The expected response is an exact repetition of every record, with images excluded.

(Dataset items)
■ ■ ■ ■

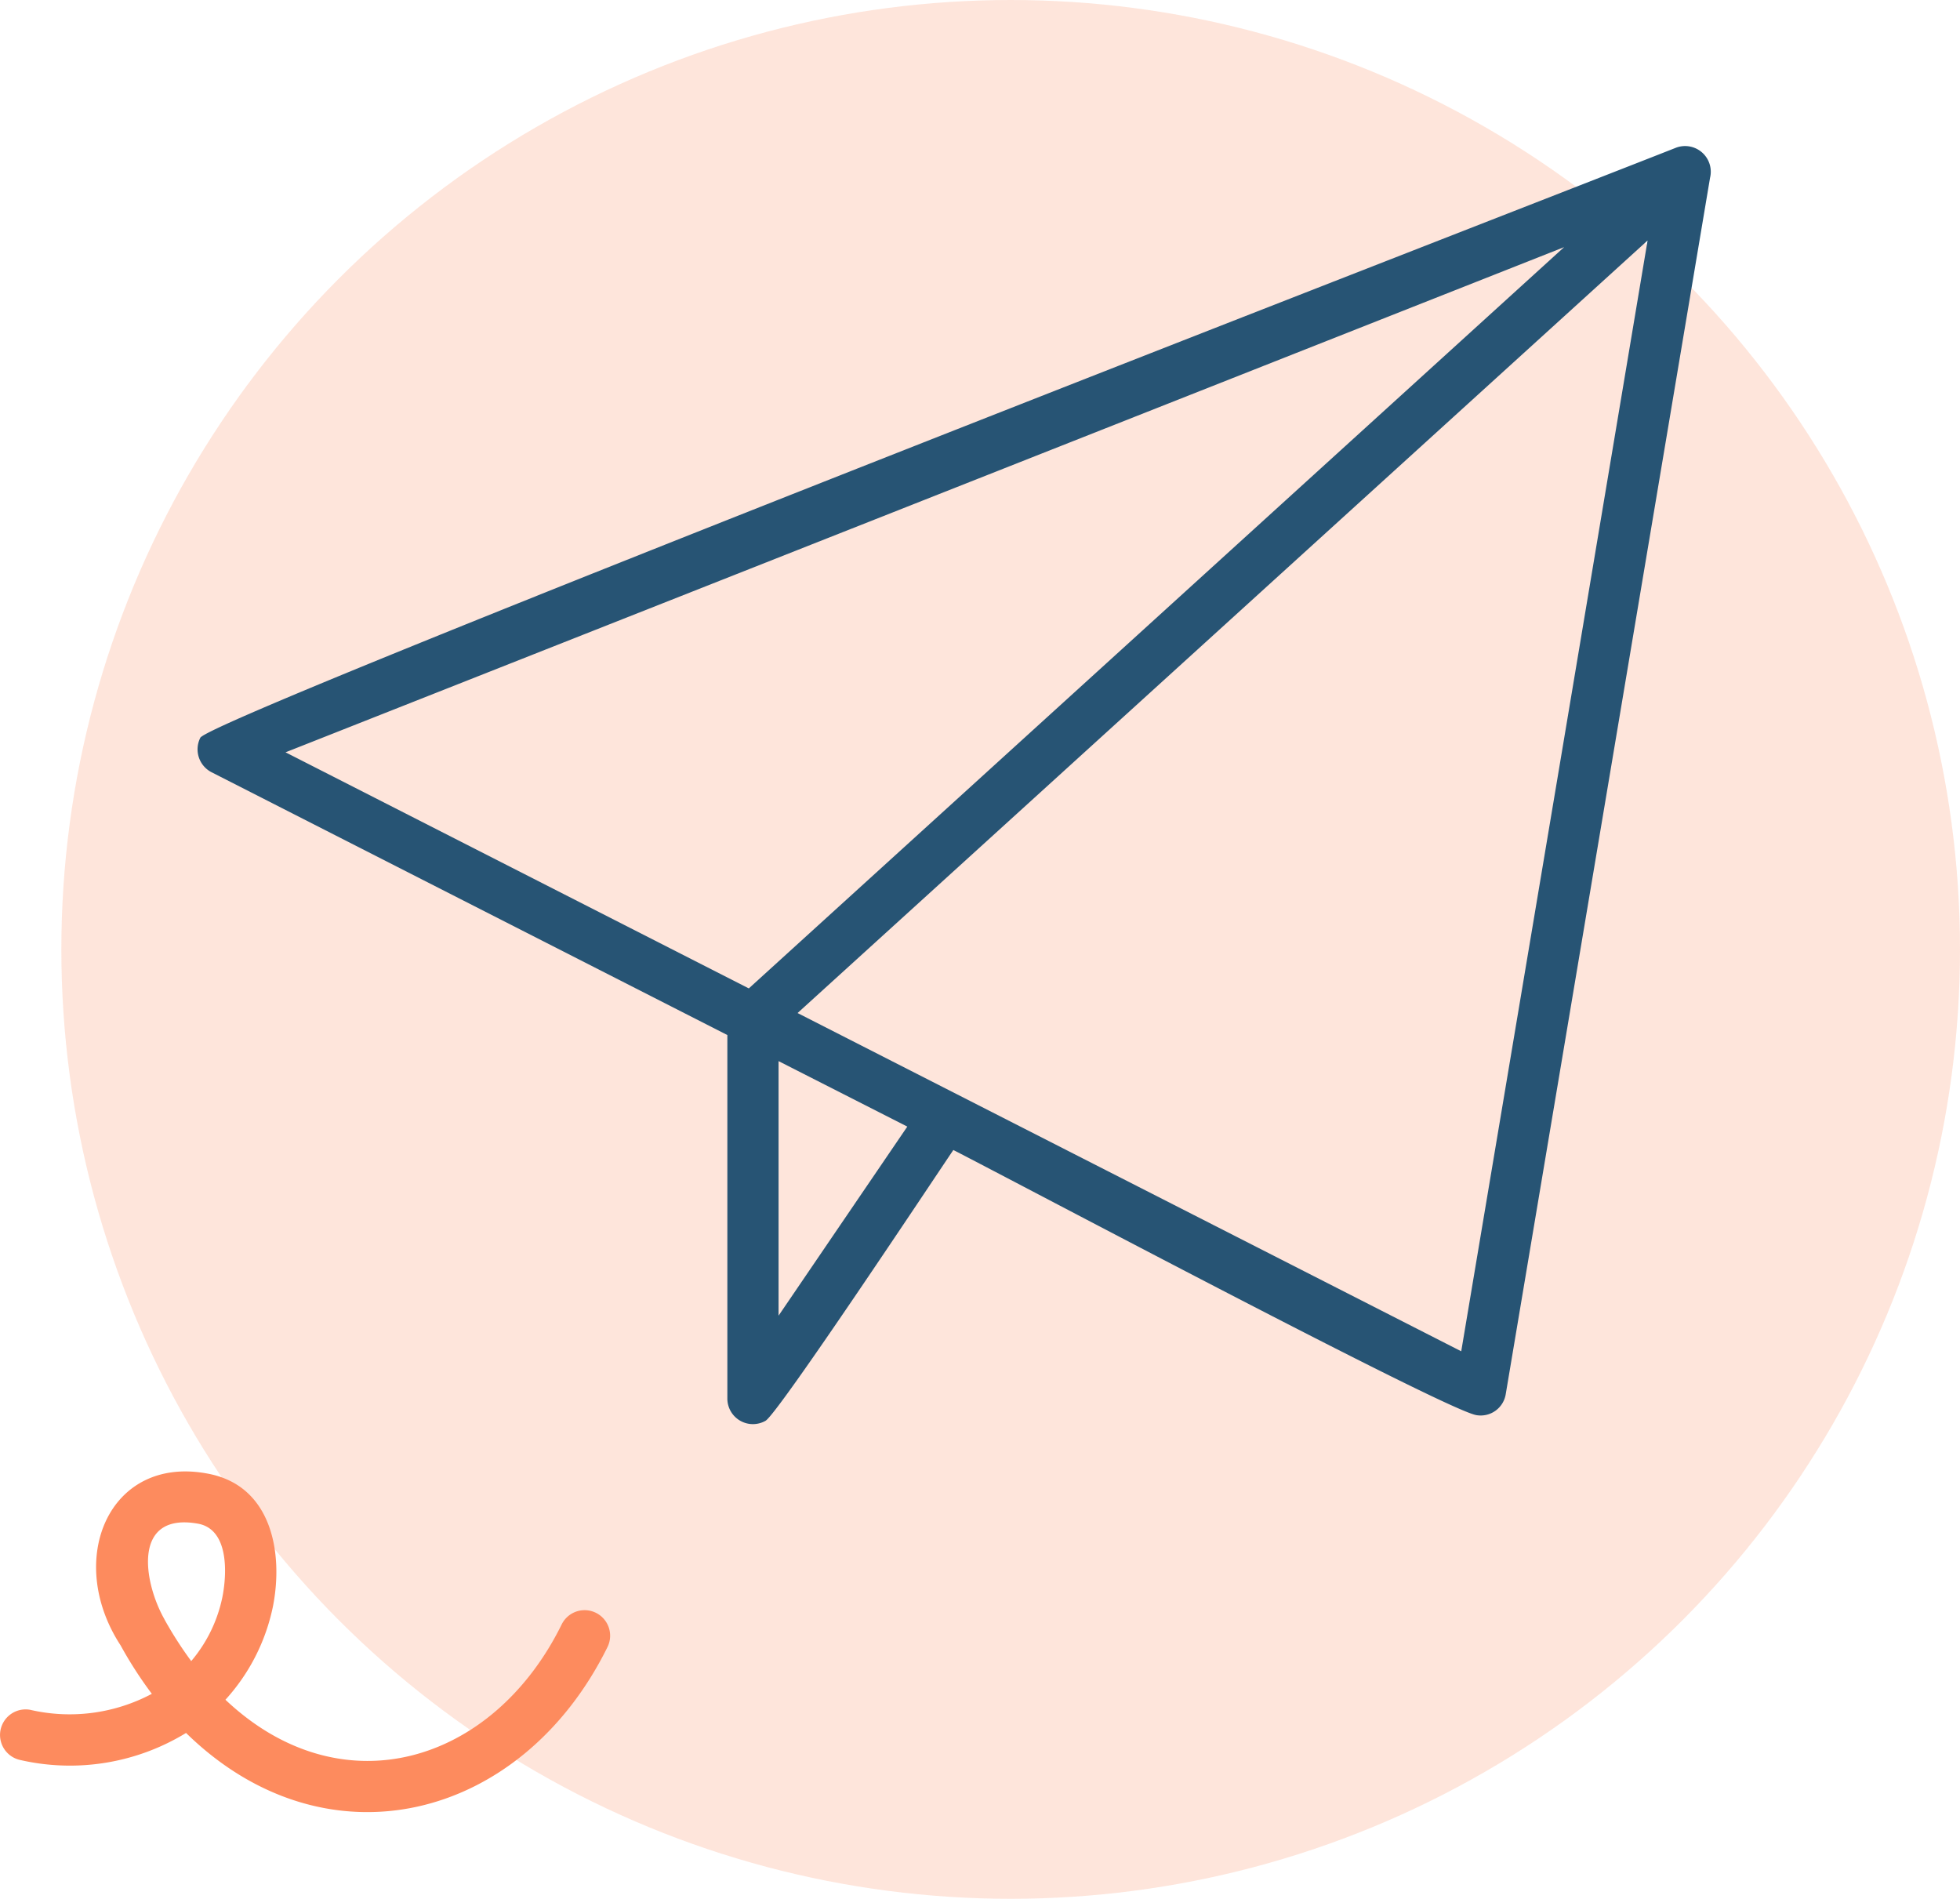 <?xml version="1.0" encoding="UTF-8"?>
<svg xmlns="http://www.w3.org/2000/svg" width="102.199" height="99" viewBox="0 0 102.199 99">
  <g id="Escribenos" transform="translate(-1525.293 -1608.815)">
    <circle id="Elipse_5" data-name="Elipse 5" cx="49.5" cy="49.5" r="49.5" transform="translate(1528.492 1608.815)" fill="rgba(253,139,94,0.22)"/>
    <path id="Trazado_23347" data-name="Trazado 23347" d="M2406.688,1618.085l-10.654,63.422a1.324,1.324,0,0,1-1.527,1.091c-1.592-.257-23.862-12.078-27.276-13.824-1.129,1.669-9.139,13.747-9.793,14.119a1.333,1.333,0,0,1-1.99-1.155V1662.78l-26.891-13.7a1.342,1.342,0,0,1-.59-1.8c.539-1.065,69.647-27.879,76.925-30.755A1.339,1.339,0,0,1,2406.688,1618.085Zm-41.857,49.469-6.713-3.414v13.272Zm38.6-46.2-44.322,40.279,34.605,17.636,5.031-29.959Zm-46.864,38.995,42.512-38.649-66.669,26.339Z" transform="translate(-792.229)" fill="#275474"/>
    <path id="Trazado_23348" data-name="Trazado 23348" d="M1554.581,7007.673a1.332,1.332,0,0,1,2.388,1.181c-4.48,9.075-14.671,11.629-21.975,4.479a11.61,11.61,0,0,1-8.638,1.412,1.334,1.334,0,0,1,.513-2.618,9.123,9.123,0,0,0,6.341-.834,21.423,21.423,0,0,1-1.63-2.528c-2.914-4.467-.6-9.9,4.505-8.96,3.376.6,3.992,4.134,3.44,6.932a10.313,10.313,0,0,1-2.477,4.865C1543.093,7017.313,1550.987,7014.964,1554.581,7007.673Zm-20.717-.269a19.916,19.916,0,0,0,1.4,2.182,7.472,7.472,0,0,0,1.63-3.363c.231-1.181.347-3.5-1.271-3.8C1532.2,7001.808,1532.747,7005.415,1533.864,7007.4Z" transform="translate(0 -5314.165)" fill="#fd8b5e"/>
  </g>
</svg>
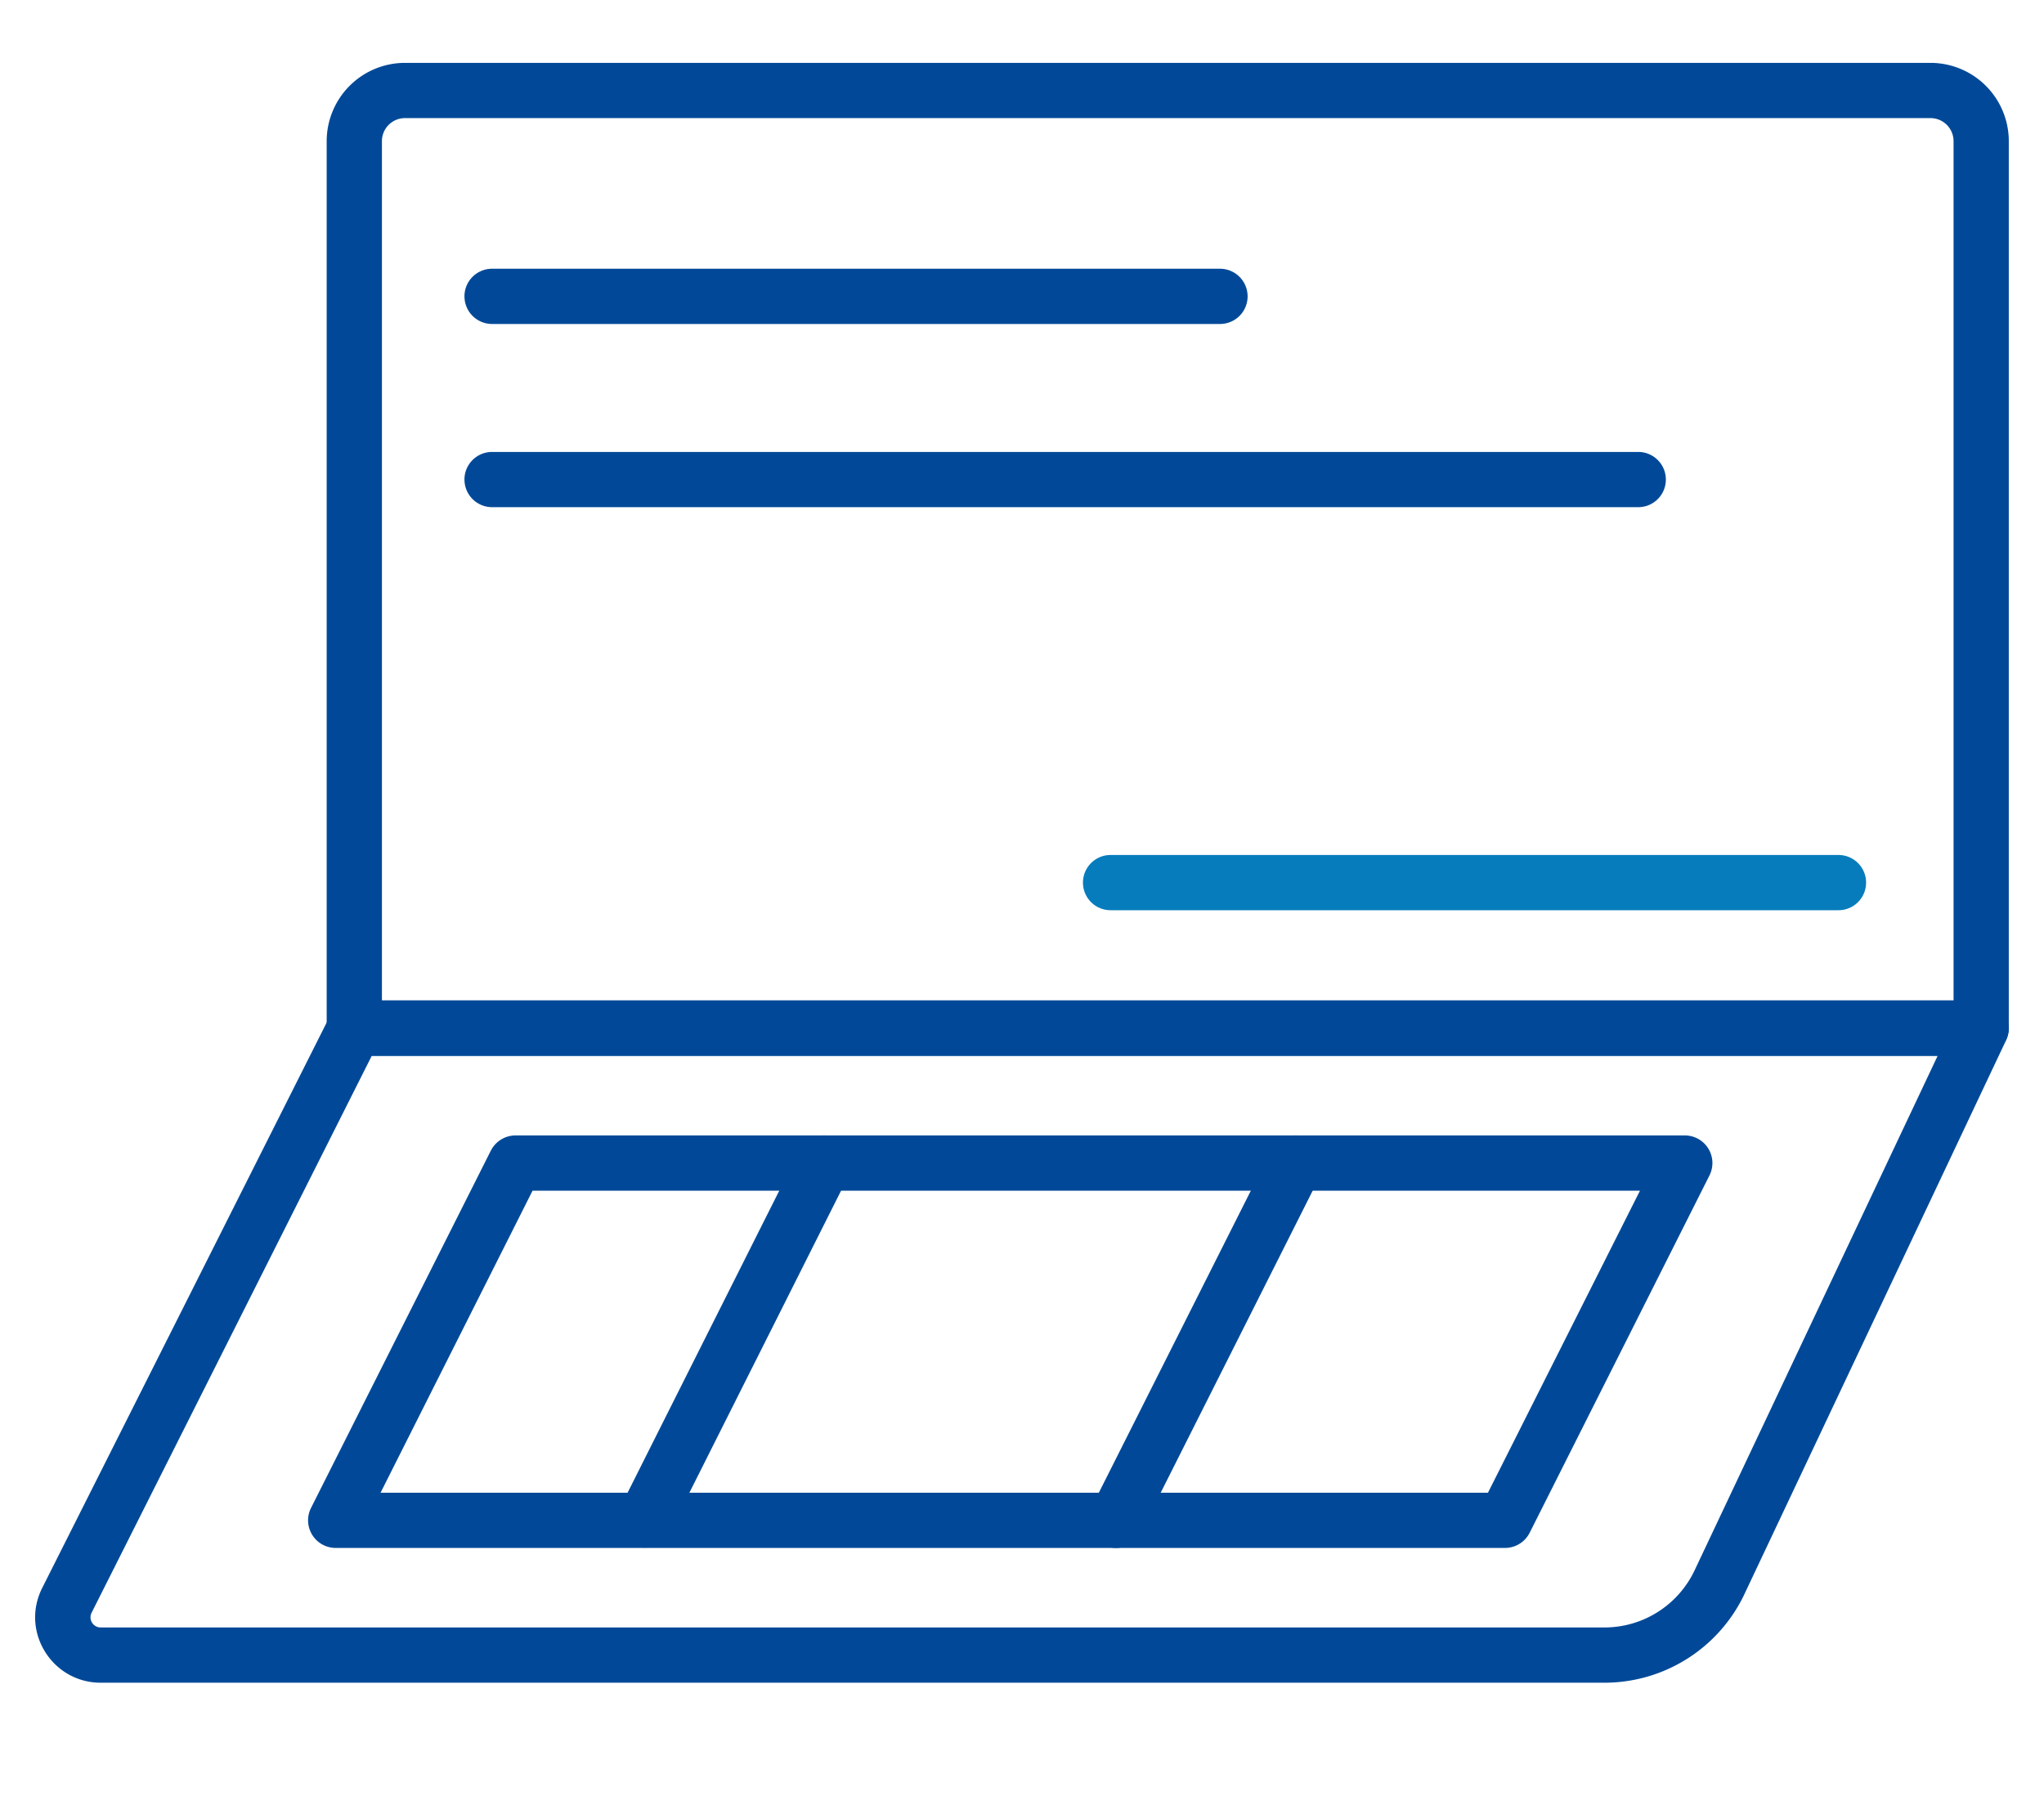 <svg xmlns="http://www.w3.org/2000/svg" width="80" height="71" fill="none" viewBox="0 0 80 71"><path fill="#014998" fill-rule="evenodd" d="M12.916 39.768c.184-.365.557-.596.966-.596H77.54a1.081 1.081 0 0 1 .978 1.543L68.28 62.39v.002a6.065 6.065 0 0 1-5.48 3.477H3.94c-1.892 0-3.155-1.997-2.284-3.717l.001-.002 11.258-22.381Zm1.632 1.566-10.96 21.79-.002.004a.397.397 0 0 0 .355.578h58.86a3.903 3.903 0 0 0 3.526-2.241l9.508-20.13H14.548Z" clip-rule="evenodd"/><path fill="#014998" fill-rule="evenodd" d="M15.852 4.623c-.5 0-.904.405-.904.904v33.63H76.46V5.527c0-.5-.405-.904-.904-.904H15.852Zm-3.066.904a3.066 3.066 0 0 1 3.066-3.066h59.704a3.066 3.066 0 0 1 3.066 3.066v34.711c0 .597-.484 1.081-1.081 1.081H13.867a1.081 1.081 0 0 1-1.081-1.08V5.526Z" clip-rule="evenodd"/><path fill="#014998" fill-rule="evenodd" d="M18.178 11.6c0-.597.485-1.08 1.081-1.08h28.49a1.081 1.081 0 0 1 0 2.162h-28.49a1.081 1.081 0 0 1-1.08-1.082Z" clip-rule="evenodd"/><path fill="#067CBC" fill-rule="evenodd" d="M42.386 34.55c0-.598.484-1.082 1.08-1.082h28.49a1.081 1.081 0 1 1 0 2.162h-28.49a1.081 1.081 0 0 1-1.08-1.08Z" clip-rule="evenodd"/><path fill="#014998" fill-rule="evenodd" d="M18.178 18.772c0-.597.485-1.081 1.081-1.081h44.86a1.081 1.081 0 1 1 0 2.162h-44.86a1.081 1.081 0 0 1-1.08-1.081ZM19.212 45.041c.184-.365.557-.595.966-.595H65.94a1.08 1.08 0 0 1 .966 1.567L59.87 59.998a1.081 1.081 0 0 1-.966.595H13.14a1.08 1.08 0 0 1-.966-1.567l7.037-13.985Zm1.632 1.567-5.949 11.823h43.343l5.949-11.823H20.844Z" clip-rule="evenodd"/><path fill="#014998" fill-rule="evenodd" d="M32.737 44.56c.534.269.749.919.481 1.452l-7.022 13.985a1.081 1.081 0 0 1-1.932-.97l7.022-13.985a1.081 1.081 0 0 1 1.451-.481ZM51.197 44.561c.533.269.748.919.48 1.452L44.64 59.998a1.081 1.081 0 0 1-1.932-.972l7.037-13.985a1.081 1.081 0 0 1 1.452-.48Z" clip-rule="evenodd"/></svg>

■ ■ ■ ■

▸ Response:
 <?xml version="1.0" encoding="UTF-8"?>
<svg xmlns="http://www.w3.org/2000/svg" width="102.199" height="99" viewBox="0 0 102.199 99">
  <g id="Escribenos" transform="translate(-1525.293 -1608.815)">
    <circle id="Elipse_5" data-name="Elipse 5" cx="49.5" cy="49.5" r="49.5" transform="translate(1528.492 1608.815)" fill="rgba(253,139,94,0.22)"/>
    <path id="Trazado_23347" data-name="Trazado 23347" d="M2406.688,1618.085l-10.654,63.422a1.324,1.324,0,0,1-1.527,1.091c-1.592-.257-23.862-12.078-27.276-13.824-1.129,1.669-9.139,13.747-9.793,14.119a1.333,1.333,0,0,1-1.99-1.155V1662.78l-26.891-13.7a1.342,1.342,0,0,1-.59-1.8c.539-1.065,69.647-27.879,76.925-30.755A1.339,1.339,0,0,1,2406.688,1618.085Zm-41.857,49.469-6.713-3.414v13.272Zm38.6-46.2-44.322,40.279,34.605,17.636,5.031-29.959Zm-46.864,38.995,42.512-38.649-66.669,26.339Z" transform="translate(-792.229)" fill="#275474"/>
    <path id="Trazado_23348" data-name="Trazado 23348" d="M1554.581,7007.673a1.332,1.332,0,0,1,2.388,1.181c-4.48,9.075-14.671,11.629-21.975,4.479a11.61,11.61,0,0,1-8.638,1.412,1.334,1.334,0,0,1,.513-2.618,9.123,9.123,0,0,0,6.341-.834,21.423,21.423,0,0,1-1.63-2.528c-2.914-4.467-.6-9.9,4.505-8.96,3.376.6,3.992,4.134,3.44,6.932a10.313,10.313,0,0,1-2.477,4.865C1543.093,7017.313,1550.987,7014.964,1554.581,7007.673Zm-20.717-.269a19.916,19.916,0,0,0,1.4,2.182,7.472,7.472,0,0,0,1.63-3.363c.231-1.181.347-3.5-1.271-3.8C1532.2,7001.808,1532.747,7005.415,1533.864,7007.4Z" transform="translate(0 -5314.165)" fill="#fd8b5e"/>
  </g>
</svg>
 <svg xmlns="http://www.w3.org/2000/svg" width="80" height="71" fill="none" viewBox="0 0 80 71"><path fill="#014998" fill-rule="evenodd" d="M12.916 39.768c.184-.365.557-.596.966-.596H77.54a1.081 1.081 0 0 1 .978 1.543L68.28 62.39v.002a6.065 6.065 0 0 1-5.48 3.477H3.94c-1.892 0-3.155-1.997-2.284-3.717l.001-.002 11.258-22.381Zm1.632 1.566-10.96 21.79-.002.004a.397.397 0 0 0 .355.578h58.86a3.903 3.903 0 0 0 3.526-2.241l9.508-20.13H14.548Z" clip-rule="evenodd"/><path fill="#014998" fill-rule="evenodd" d="M15.852 4.623c-.5 0-.904.405-.904.904v33.63H76.46V5.527c0-.5-.405-.904-.904-.904H15.852Zm-3.066.904a3.066 3.066 0 0 1 3.066-3.066h59.704a3.066 3.066 0 0 1 3.066 3.066v34.711c0 .597-.484 1.081-1.081 1.081H13.867a1.081 1.081 0 0 1-1.081-1.08V5.526Z" clip-rule="evenodd"/><path fill="#014998" fill-rule="evenodd" d="M18.178 11.6c0-.597.485-1.08 1.081-1.08h28.49a1.081 1.081 0 0 1 0 2.162h-28.49a1.081 1.081 0 0 1-1.08-1.082Z" clip-rule="evenodd"/><path fill="#067CBC" fill-rule="evenodd" d="M42.386 34.55c0-.598.484-1.082 1.08-1.082h28.49a1.081 1.081 0 1 1 0 2.162h-28.49a1.081 1.081 0 0 1-1.08-1.08Z" clip-rule="evenodd"/><path fill="#014998" fill-rule="evenodd" d="M18.178 18.772c0-.597.485-1.081 1.081-1.081h44.86a1.081 1.081 0 1 1 0 2.162h-44.86a1.081 1.081 0 0 1-1.08-1.081ZM19.212 45.041c.184-.365.557-.595.966-.595H65.94a1.08 1.08 0 0 1 .966 1.567L59.87 59.998a1.081 1.081 0 0 1-.966.595H13.14a1.08 1.08 0 0 1-.966-1.567l7.037-13.985Zm1.632 1.567-5.949 11.823h43.343l5.949-11.823H20.844Z" clip-rule="evenodd"/><path fill="#014998" fill-rule="evenodd" d="M32.737 44.56c.534.269.749.919.481 1.452l-7.022 13.985a1.081 1.081 0 0 1-1.932-.97l7.022-13.985a1.081 1.081 0 0 1 1.451-.481ZM51.197 44.561c.533.269.748.919.48 1.452L44.64 59.998a1.081 1.081 0 0 1-1.932-.972l7.037-13.985a1.081 1.081 0 0 1 1.452-.48Z" clip-rule="evenodd"/></svg>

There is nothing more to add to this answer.